**** DATA SHOWN

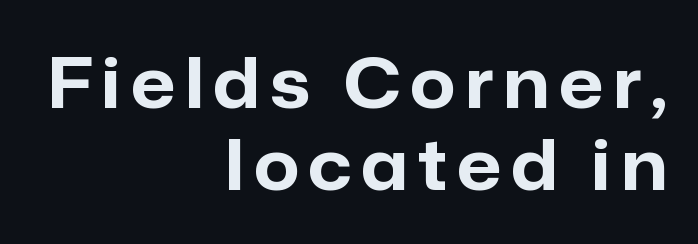
Q: Is the text bold? A: Yes.
Q: Is the text italic (slanted)? A: No, it is upright.
Q: Is the typeface a serif or a sans-serif typeface? A: Sans-serif.
Q: Is the text underlined? A: No.
Q: How is the paragraph aligned? A: Right-aligned.
Q: Width (condensed, normal, or wide)? A: Normal.
Q: Stroke contrast? A: Low.
Q: x-height? A: Medium.
Q: Monospaced? A: No.

********

WORK TO COMPLETE: Every line above is to be written out unchanged, with the pictures omitted.

REPLY:
Q: Is the text bold? A: Yes.
Q: Is the text italic (slanted)? A: No, it is upright.
Q: Is the typeface a serif or a sans-serif typeface? A: Sans-serif.
Q: Is the text underlined? A: No.
Q: How is the paragraph aligned? A: Right-aligned.
Q: Width (condensed, normal, or wide)? A: Normal.
Q: Stroke contrast? A: Low.
Q: x-height? A: Medium.
Q: Monospaced? A: No.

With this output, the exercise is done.